I got keyboard, trackpad and wifi to work using the debian-test-2 kernel: https://github.com/linux-surface/linux-surface/releases/tag/debian-test-2 The touchscreen is broken according to the feature matrix so I guess I'll have to wait

I was actually using the jakeday/linux-surface kernel (where everything was broken, even wifi which mostly worked with the vanilla kernel it turns out) instead of the linux-surface/linux-surface kernel. Why are there two repositories anyway? Very confusing

I didn't try the vanilla 5.5 kernel, but thanks for the tip

Thanks for all the help so far!

qzed commented 4 years ago

I think 5.5 still needs torvalds/linux@6d232b2 but 5.6 will ship all the necessary patches to just run surface_sam without a patched kernel.

You can get away without that patch on the SL3. The patch is only required for the SAN driver and AFAIK that is only used for some of the more exotic stuff on the SL3 (the usage may also depend a bit if it's the AMD or Intel version).

Why are there two repositories anyway?

This repo started out as a fork, mainly because Jake was/is inactive.

pairwiserr commented 4 years ago

@qzed @xjcl @archseer I installed Ubuntu 20.04 on SL3 13 (Intel, i7, 16, 256) with 5.4 kernel. I then upgraded the kernel to 5.6.19 but keyboard and trackpad are still not being detected. Can anyone confirm if 5.5 mainline detect keyboard/trackpad ootb without any patches?

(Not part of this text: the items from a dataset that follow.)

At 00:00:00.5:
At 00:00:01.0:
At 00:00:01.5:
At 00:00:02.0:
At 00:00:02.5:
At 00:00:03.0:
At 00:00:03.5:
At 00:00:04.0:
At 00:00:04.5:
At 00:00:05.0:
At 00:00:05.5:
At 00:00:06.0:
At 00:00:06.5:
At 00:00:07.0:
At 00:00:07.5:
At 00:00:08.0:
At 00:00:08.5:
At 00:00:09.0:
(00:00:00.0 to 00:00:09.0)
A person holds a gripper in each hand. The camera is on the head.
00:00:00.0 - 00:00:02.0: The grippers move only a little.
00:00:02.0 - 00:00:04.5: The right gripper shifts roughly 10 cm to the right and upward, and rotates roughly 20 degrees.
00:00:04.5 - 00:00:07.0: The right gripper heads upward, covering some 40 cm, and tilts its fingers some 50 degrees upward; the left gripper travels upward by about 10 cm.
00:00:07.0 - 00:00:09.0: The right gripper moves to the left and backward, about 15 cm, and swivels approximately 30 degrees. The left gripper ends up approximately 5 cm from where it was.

archseer commented 4 years ago

The prerequisite patches landed but the ACPI driver patch hasn't been upstreamed yet so of course it's still necessary. With the prerequisites upstream now though you're able to run the vanilla kernel + this driver via dkms.

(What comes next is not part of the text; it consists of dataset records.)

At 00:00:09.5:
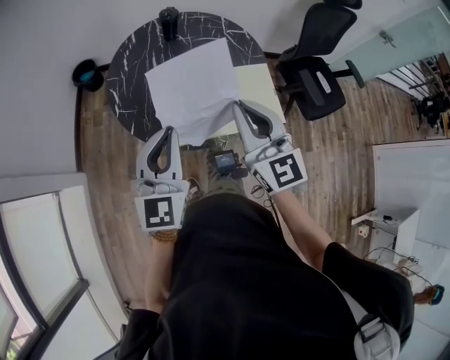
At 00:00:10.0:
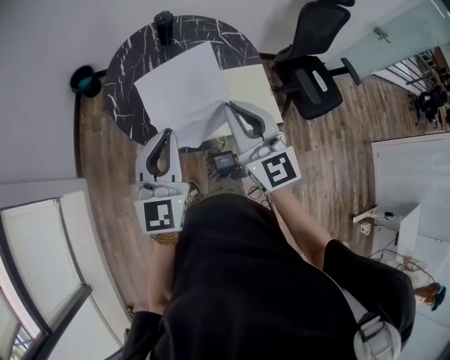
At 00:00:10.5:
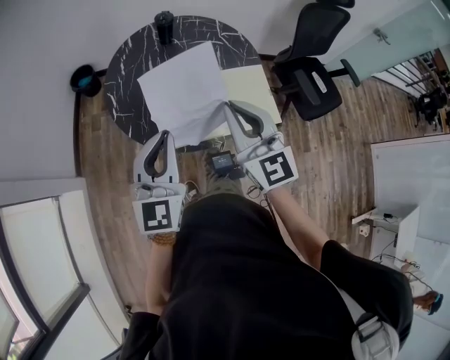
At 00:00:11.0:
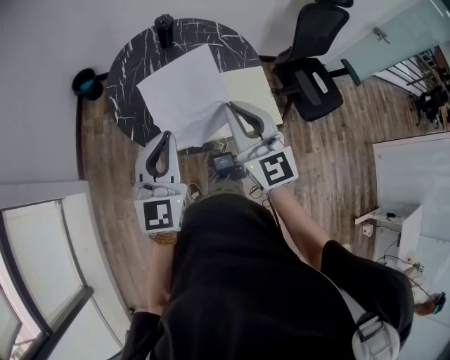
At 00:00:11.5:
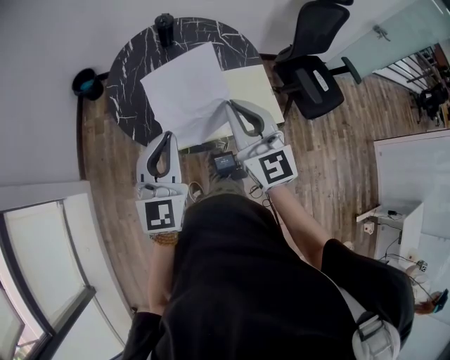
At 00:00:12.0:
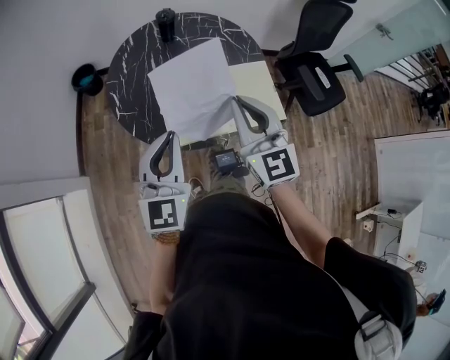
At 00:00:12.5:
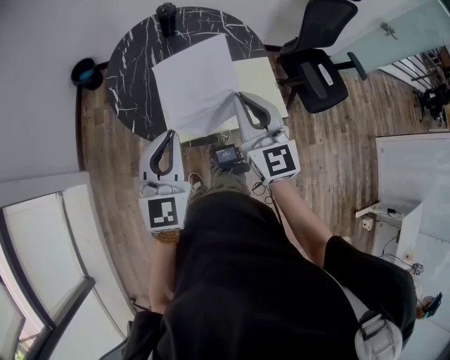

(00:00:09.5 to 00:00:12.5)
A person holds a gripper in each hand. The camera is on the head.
00:00:09.5 - 00:00:11.0: The two grippers keep their place.
00:00:11.0 - 00:00:12.5: The grippers move only a little.

archseer commented 4 years ago

We recommend that you run a kernel provided by https://github.com/linux-surface/linux-surface which already contains this module (so if you run it you don't have to install it separately), however, since v5.7, you can also manually install this module, without any additional patches required. Prior to v5.7 you will need to use a kernel with the patches provided in this repository applied. For more details on the installation process, see Testing/Installing.

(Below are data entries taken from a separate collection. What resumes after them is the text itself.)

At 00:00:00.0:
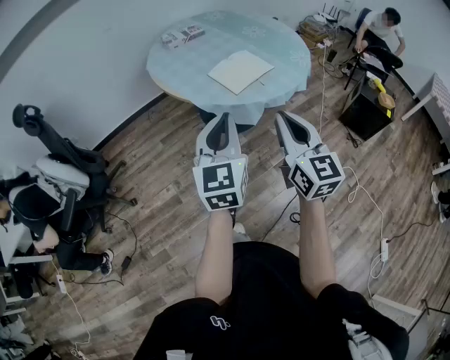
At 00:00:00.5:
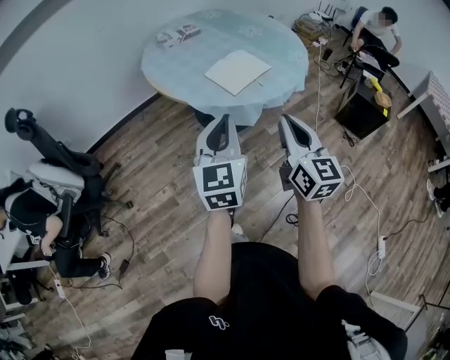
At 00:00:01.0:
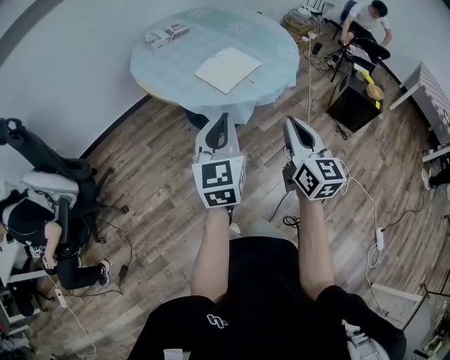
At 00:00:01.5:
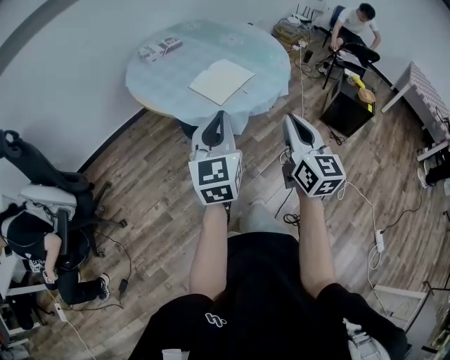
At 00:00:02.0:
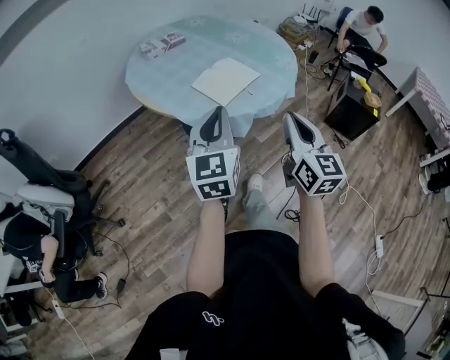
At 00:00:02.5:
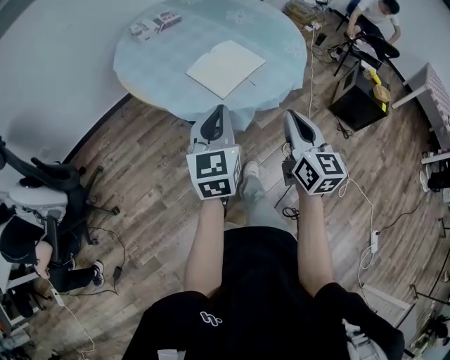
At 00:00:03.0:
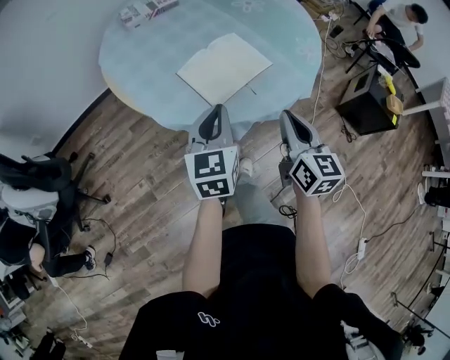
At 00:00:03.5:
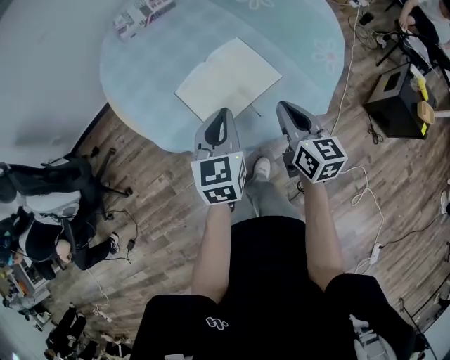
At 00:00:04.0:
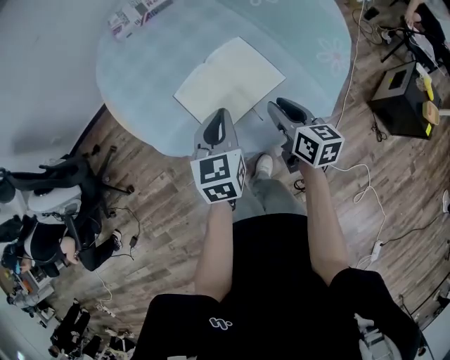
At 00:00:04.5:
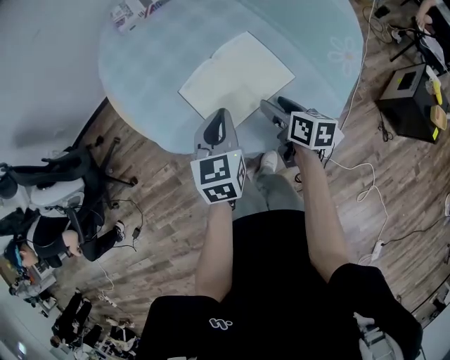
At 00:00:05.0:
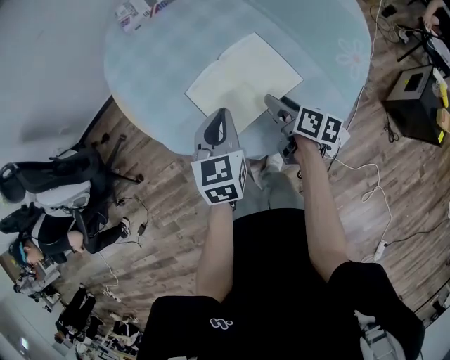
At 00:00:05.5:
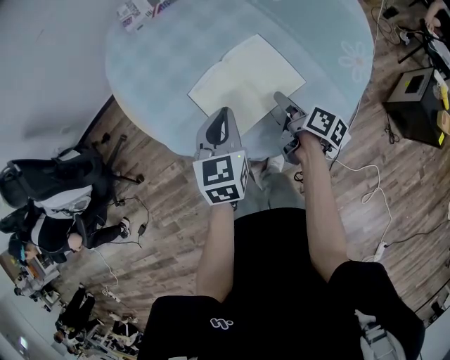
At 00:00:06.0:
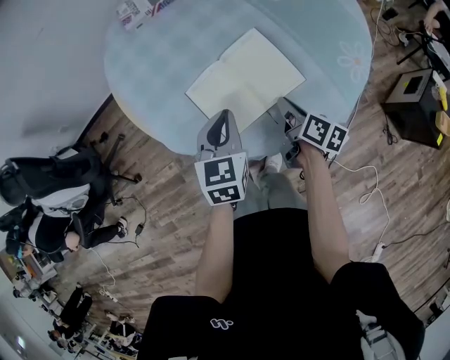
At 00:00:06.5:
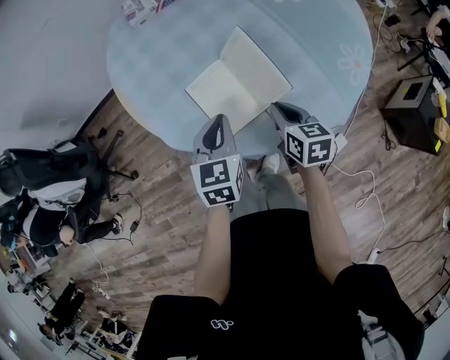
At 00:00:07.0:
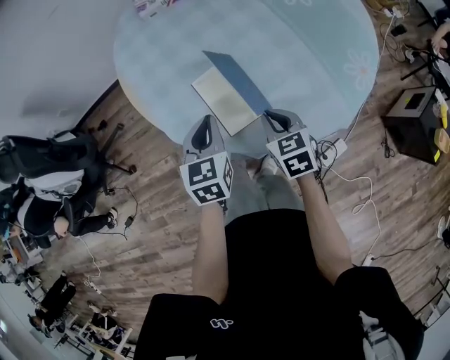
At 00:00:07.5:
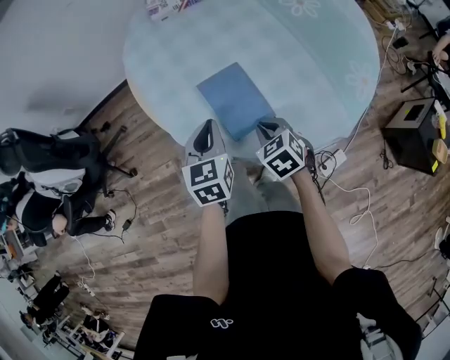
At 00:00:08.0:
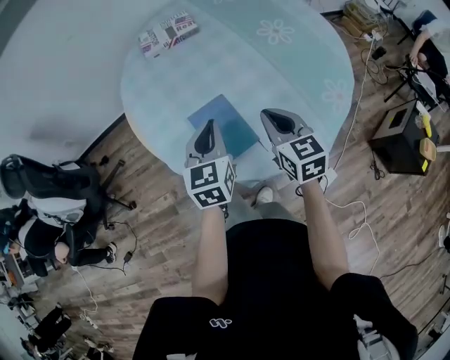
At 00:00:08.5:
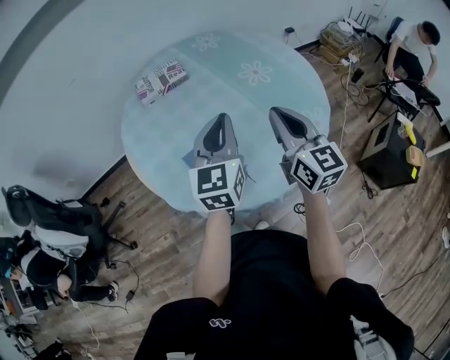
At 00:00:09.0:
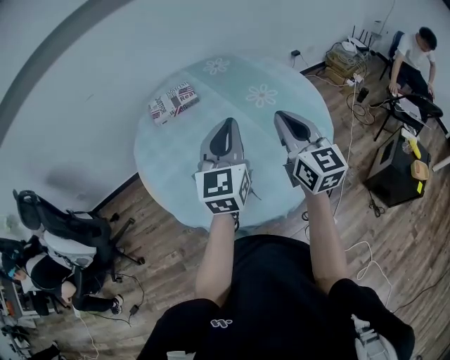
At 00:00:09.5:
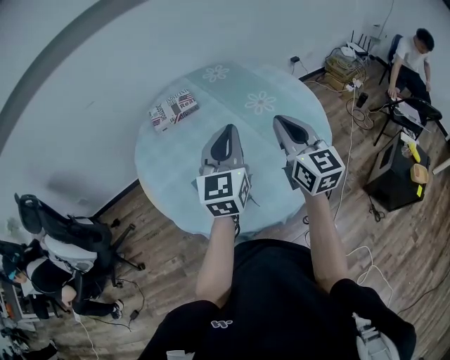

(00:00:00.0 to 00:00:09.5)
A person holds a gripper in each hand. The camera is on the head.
00:00:00.0 - 00:00:02.0: Both grippers travel together forward, approximately 10 cm.
00:00:02.0 - 00:00:04.0: Both grippers move forward and downward, some 40 cm. The right gripper rotates some 40 degrees, and opens up. The left gripper changes its angle by roughly 30 degrees.
00:00:04.0 - 00:00:05.5: The right gripper travels downward by about 5 cm, and twists roughly 40 degrees clockwise, seen from behind.
00:00:05.5 - 00:00:07.5: The two grippers go roughly 10 cm to the left. The right gripper rotates around the line of its fingers by approximately 90 degrees, counterclockwise from behind, and closes its fingers.
00:00:07.5 - 00:00:09.5: Both grippers move upward and to the right, approximately 35 cm. The right gripper tilts its fingers roughly 60 degrees upward. Meanwhile the left gripper angles its fingers upward, by about 30 degrees.

https://github.com/linux-surface/surface-aggregator-module/wiki

pairwiserr commented 4 years ago

@archseer, thanks for your reply. I am new to Linux and was curious if I could confirm the manual install process for this module.

https://www.kernel.org/doc/html/v4.10/process/applying-patches.html

patch -p1 -i path/to/patch-x.y.z

Can I run patch -p1 path/to/0001-ACPI-Fix-buffer-integer-type-mismatch.patch in master/patches/5.4?

archseer commented 4 years ago

Those are the prerequisite patches that were needed before 5.5. They're now in the upstream kernel so all you need to do is install the module

Something like:

git clone https://github.com/linux-surface/surface-aggregator-module
cd module
make
make dkms-install

(you might also need to apt-get install linux-headers build-essential before running make)

The reason we recommend you just use the patched kernel is that if you do it via dkms you'll have to pull in new code and manually update every once a while as new changes land.

Also, I recommend you use the latest kernel (5.7 + mesa 20.1), not 5.4 or earlier. 5.4-5.6 had various issues on SL3/newer intel chips, most notably GPU hangs (https://github.com/linux-surface/linux-surface/issues/99)

pairwiserr commented 4 years ago

@archseer, your suggestion worked like a charm on v5.5.

Also, I recommend you use the latest kernel (5.7 + mesa 20.1),

I haven't had any issues yet, but I will try this as well. When installing kernels from mainline, is it best practice to use the latest version for stability? In this case, 5.7.11?

Thank you, again, @archseer for all your help!